Headline : What does the falling rupee mean for you and economy?

Headline : What does the falling rupee mean for you and economy?

Details :

Context

  • Since the beginning of 2018 rupee has fallen by about 6 per cent in value against the US dollar hovering past ₹70 to a dollar.

 

What is meant by Depreciation of Rupee?

  • Rupee is said have depreciated if we end up paying ‘more’ rupee to get the same amount of dollars.
  • This happens in situations where the demand for US dollar increases in India and as a result we pay ‘more’ rupee to get the same amount of ‘dollars’

 

Reasons behind rupee depreciating

Rising crude prices in global markets:

  • As a result of re-imposition of sanctions on Iran by USA, the oil supply has taken a hit increasing the oil prices.
  • US oil rose above $70 a barrel for the first time since November 2014.
  • Since India imports nearly 80 per cent of its oil, the rupee has depreciated.

Strengthening dollar:

Strengthening of US economy as a result of protectionist measures has pulled back money from emerging markets.

 

Impact of depreciation:

Impact on Trade:

  • As a result of paying ‘more’ rupee to same amount of dollars, we end up paying more for our imports- Imports are costlier.
  • On the other hand, we end up getting ‘more’ rupee for same amount of dollars when we export something- Exports get cheaper.

Impact on CAD:

  • A currency of an economy weakens when it owes more money in foreign exchange than what it earns.

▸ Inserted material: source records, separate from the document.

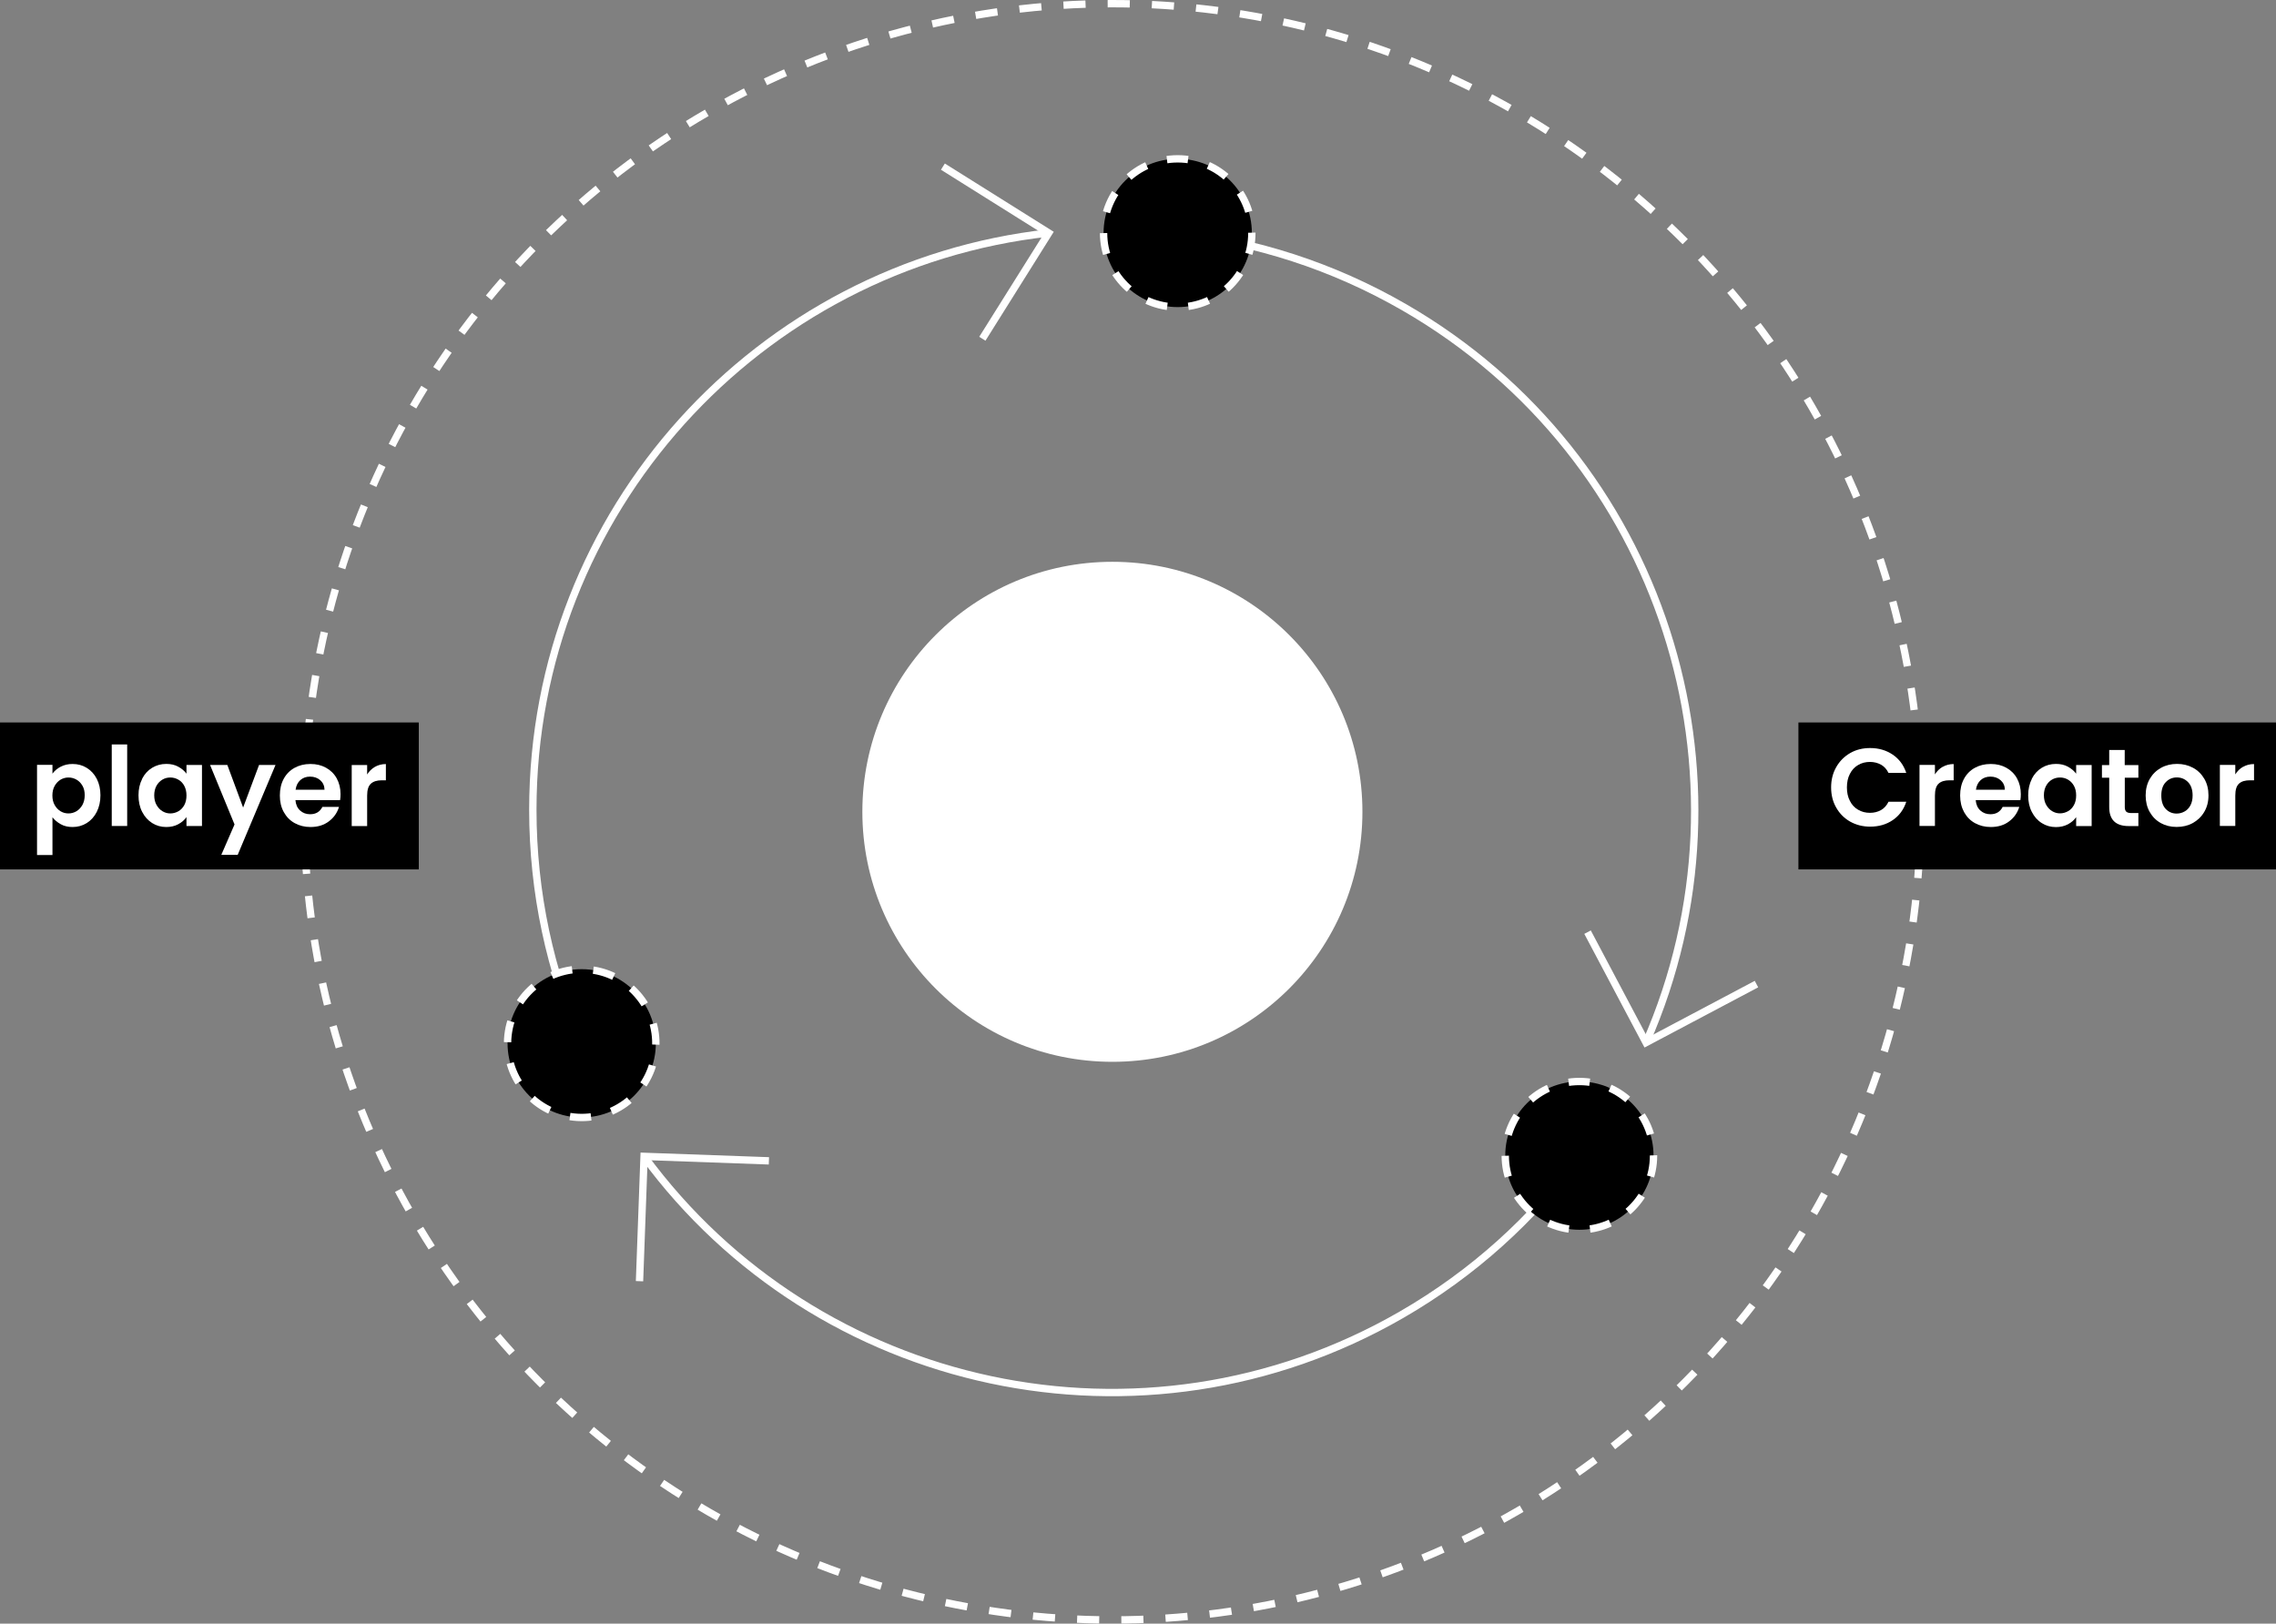 <?xml version="1.0" encoding="UTF-8"?>
<svg id="_レイヤー_2" data-name="レイヤー 2" xmlns="http://www.w3.org/2000/svg" width="309.77" height="221" viewBox="0 0 309.77 221">
  <rect x="0" y="0" width="309.77" height="221" fill="#808080" stroke="none"/>
  <defs>
    <style>
      .cls-1 {
        fill: #fff;
      }

      .cls-2, .cls-3, .cls-4 {
        fill: none;
        stroke: #fff;
        stroke-miterlimit: 10;
      }

      .cls-3 {
        stroke-dasharray: 3.01 3.01;
      }

      .cls-4 {
        stroke-dasharray: 2.88 2.88;
      }
    </style>
  </defs>
  <g id="Text">
    <g>
      <g>
        <g>
          <path class="cls-2" d="M79.17,142.01c-4.28-9.73-6.65-20.48-6.65-31.78,0-40.66,30.72-74.15,70.22-78.52"/>
          <polyline class="cls-2" points="128.33 22.68 142.73 31.71 133.7 46.11"/>
        </g>
        <g>
          <path class="cls-2" d="M214.96,157.3c-6.28,8.57-14.41,16-24.2,21.65-35.22,20.33-79.58,10.47-103.11-21.56"/>
          <polyline class="cls-2" points="87.04 174.39 87.66 157.4 104.65 158.01"/>
        </g>
        <g>
          <path class="cls-2" d="M160.29,31.71c10.56,1.16,21.06,4.48,30.85,10.13,35.22,20.33,48.86,63.68,32.89,100.07"/>
          <polyline class="cls-2" points="239.06 133.95 224.03 141.91 216.07 126.88"/>
        </g>
      </g>
      <circle class="cls-1" cx="151.4" cy="110.5" r="34.03"/>
      <circle class="cls-3" cx="151.4" cy="110.5" r="110"/>
      <g>
        <circle cx="79.17" cy="142.01" r="10.09"/>
        <circle class="cls-4" cx="79.17" cy="142.01" r="10.09" transform="translate(-73.69 197.41) rotate(-80.78)"/>
      </g>
      <g>
        <circle cx="160.29" cy="31.71" r="10.09"/>
        <circle class="cls-4" cx="160.29" cy="31.71" r="10.09"/>
      </g>
      <g>
        <circle cx="214.96" cy="157.3" r="10.09"/>
        <circle class="cls-4" cx="214.96" cy="157.3" r="10.09"/>
      </g>
      <rect y="98.34" width="57" height="20"/>
      <g>
        <path class="cls-1" d="M8.25,104.37c.48-.26,1.02-.38,1.63-.38.71,0,1.35.17,1.93.53.57.35,1.03.85,1.36,1.49s.5,1.39.5,2.24-.17,1.6-.5,2.26c-.33.65-.79,1.16-1.36,1.52-.58.36-1.22.54-1.93.54-.61,0-1.15-.12-1.61-.38s-.84-.56-1.13-.95v5.14h-2.1v-12.27h2.1v1.2c.27-.38.64-.7,1.12-.95ZM11.22,106.95c-.21-.37-.48-.64-.81-.83-.34-.19-.7-.29-1.09-.29s-.74.1-1.07.29c-.33.2-.6.48-.81.85-.21.37-.31.81-.31,1.31s.1.93.31,1.3.48.65.81.85.69.29,1.07.29.75-.1,1.09-.3c.33-.2.6-.49.81-.86.2-.37.31-.81.31-1.32s-.1-.93-.31-1.3Z"/>
        <path class="cls-1" d="M17.31,101.33v11.1h-2.1v-11.1h2.1Z"/>
        <path class="cls-1" d="M19.34,106.01c.33-.65.79-1.15,1.36-1.5.58-.35,1.22-.53,1.93-.53.62,0,1.16.12,1.63.38s.84.56,1.12.95v-1.19h2.11v8.31h-2.11v-1.21c-.27.39-.64.71-1.12.97s-1.02.38-1.64.38c-.7,0-1.34-.18-1.91-.54s-1.03-.87-1.36-1.52c-.34-.66-.5-1.41-.5-2.26s.17-1.58.5-2.23ZM25.08,106.96c-.2-.37-.47-.65-.81-.84-.34-.19-.7-.29-1.09-.29s-.75.09-1.08.29-.6.47-.8.83-.31.8-.31,1.3.1.94.31,1.31.48.66.81.86c.33.2.69.3,1.07.3s.75-.1,1.09-.29.61-.48.81-.84c.2-.37.3-.8.3-1.31s-.1-.95-.3-1.31Z"/>
        <path class="cls-1" d="M37.5,104.12l-5.15,12.24h-2.23l1.8-4.14-3.33-8.1h2.35l2.15,5.8,2.17-5.8h2.23Z"/>
        <path class="cls-1" d="M46.29,108.91h-6.08c.05.6.26,1.07.63,1.41s.83.51,1.37.51c.78,0,1.33-.33,1.67-1h2.26c-.24.8-.7,1.46-1.38,1.97-.68.52-1.52.77-2.5.77-.8,0-1.52-.18-2.15-.53-.64-.35-1.13-.86-1.49-1.51s-.53-1.4-.53-2.25.17-1.62.52-2.26c.35-.65.84-1.15,1.47-1.5.63-.35,1.35-.53,2.17-.53s1.5.17,2.12.51c.62.34,1.11.82,1.46,1.45.34.62.52,1.34.52,2.15,0,.3-.02.57-.06.81ZM44.17,107.5c-.01-.54-.21-.97-.58-1.3-.38-.33-.85-.49-1.4-.49-.52,0-.96.16-1.31.47s-.57.75-.65,1.31h3.94Z"/>
        <path class="cls-1" d="M51.03,104.38c.44-.25.93-.38,1.49-.38v2.21h-.56c-.66,0-1.16.16-1.49.47-.34.31-.5.85-.5,1.62v4.14h-2.1v-8.31h2.1v1.29c.27-.44.62-.78,1.06-1.04Z"/>
      </g>
      <rect x="244.77" y="98.34" width="65" height="20"/>
      <g>
        <path class="cls-1" d="M249.92,104.41c.46-.81,1.1-1.45,1.9-1.91.8-.46,1.71-.68,2.71-.68,1.17,0,2.19.3,3.08.9.88.6,1.49,1.43,1.84,2.49h-2.42c-.24-.5-.58-.88-1.01-1.12s-.94-.38-1.51-.38c-.61,0-1.15.14-1.63.43-.48.28-.85.69-1.11,1.21-.27.52-.4,1.13-.4,1.83s.13,1.3.4,1.82c.26.53.63.93,1.11,1.21.48.29,1.02.43,1.63.43.57,0,1.07-.13,1.51-.38.44-.25.77-.63,1.01-1.13h2.42c-.35,1.07-.96,1.9-1.84,2.5-.88.6-1.9.89-3.08.89-1,0-1.9-.23-2.71-.68-.81-.46-1.44-1.09-1.9-1.9-.47-.81-.7-1.73-.7-2.76s.23-1.95.7-2.77Z"/>
        <path class="cls-1" d="M264.41,104.38c.44-.25.93-.38,1.49-.38v2.21h-.56c-.66,0-1.16.15-1.49.46-.34.31-.5.85-.5,1.62v4.14h-2.1v-8.31h2.1v1.29c.27-.44.62-.79,1.06-1.04Z"/>
        <path class="cls-1" d="M274.98,108.91h-6.08c.05.6.26,1.07.63,1.41s.83.51,1.37.51c.78,0,1.33-.33,1.67-1h2.26c-.24.8-.7,1.46-1.38,1.97-.68.52-1.52.77-2.5.77-.8,0-1.52-.18-2.15-.53-.64-.35-1.13-.86-1.49-1.51-.35-.65-.53-1.4-.53-2.25s.17-1.61.52-2.26.84-1.15,1.47-1.5c.63-.35,1.35-.53,2.17-.53s1.5.17,2.12.51c.62.34,1.11.82,1.46,1.45.34.62.52,1.34.52,2.15,0,.3-.02.57-.06.81ZM272.87,107.5c-.01-.54-.21-.97-.58-1.3-.38-.33-.85-.49-1.4-.49-.52,0-.96.16-1.31.47-.35.31-.57.75-.65,1.31h3.94Z"/>
        <path class="cls-1" d="M276.53,106.01c.33-.65.79-1.15,1.36-1.5s1.22-.53,1.93-.53c.62,0,1.16.12,1.63.38s.84.57,1.12.95v-1.18h2.11v8.31h-2.11v-1.21c-.27.39-.64.71-1.12.97-.48.25-1.02.38-1.64.38-.7,0-1.34-.18-1.91-.54-.58-.36-1.03-.87-1.36-1.52-.34-.65-.5-1.41-.5-2.26s.17-1.58.5-2.24ZM282.27,106.96c-.2-.36-.47-.64-.81-.84s-.7-.29-1.09-.29-.75.09-1.08.28c-.33.19-.6.47-.8.83s-.31.8-.31,1.3.1.94.31,1.31.48.66.81.86.69.3,1.07.3.75-.1,1.09-.29c.34-.19.61-.47.81-.84.2-.36.3-.8.3-1.31s-.1-.95-.3-1.31Z"/>
        <path class="cls-1" d="M289.19,105.85v4.02c0,.28.07.48.2.61.13.12.36.19.68.19h.97v1.77h-1.32c-1.77,0-2.65-.86-2.65-2.58v-4h-.99v-1.72h.99v-2.06h2.11v2.06h1.86v1.72h-1.86Z"/>
        <path class="cls-1" d="M294.09,112.03c-.64-.35-1.14-.86-1.51-1.51-.37-.65-.55-1.4-.55-2.25s.19-1.6.56-2.25c.38-.65.89-1.15,1.54-1.51.65-.36,1.38-.53,2.18-.53s1.52.18,2.17.53c.65.35,1.16.86,1.54,1.51.38.65.56,1.4.56,2.25s-.19,1.6-.58,2.25c-.38.65-.91,1.15-1.56,1.51-.65.36-1.39.53-2.2.53s-1.52-.18-2.16-.53ZM297.32,110.46c.33-.18.6-.46.8-.83.2-.37.3-.82.3-1.35,0-.79-.21-1.4-.62-1.82s-.92-.64-1.52-.64-1.1.21-1.51.64c-.41.42-.61,1.03-.61,1.82s.2,1.4.59,1.82c.4.42.89.64,1.49.64.38,0,.74-.09,1.07-.28Z"/>
        <path class="cls-1" d="M305.29,104.38c.44-.25.93-.38,1.49-.38v2.21h-.56c-.66,0-1.16.15-1.49.46-.34.31-.5.85-.5,1.62v4.14h-2.1v-8.31h2.1v1.29c.27-.44.62-.79,1.06-1.04Z"/>
      </g>
    </g>
  </g>
</svg>

This is called the current account deficit.
  • As a result of high import bills, we are witnessing high trade deficit and thus high CAD.
  • India’s current account deficit rose to 1.9 per cent in the quarter to March 2018. It was 0.6 per cent in the same period last year.

 

Impact on Inflation

  • India imports nearly 80 per cent of the crude oil requirements.
  • As a result of high import bills on account of crude oil imports, we end up pay more for fuel domestically.
  • Paying more for fuel implies high fuel cost, transportation cost etc.
  • This drives high inflation throughout the economy.

 

Impact on GDP growth

  • There is no correlation between GDP growth and depreciating currency.
  • Depreciating rupee affects GDP in two ways:
    • Costlier inputs because of high inflation and the subsequent increase in the prices of finished goods should have a positive impact on GDP.
    • However costlier outputs mean decrease in demand has a negative impact on GDP.

 

Impact on individuals

  • Higher prices of goods and services.
  • Costlier petrol and other fuel.
  • High cost of education, health abroad and outbound tourism.
  • Export-oriented industries may also create more jobs.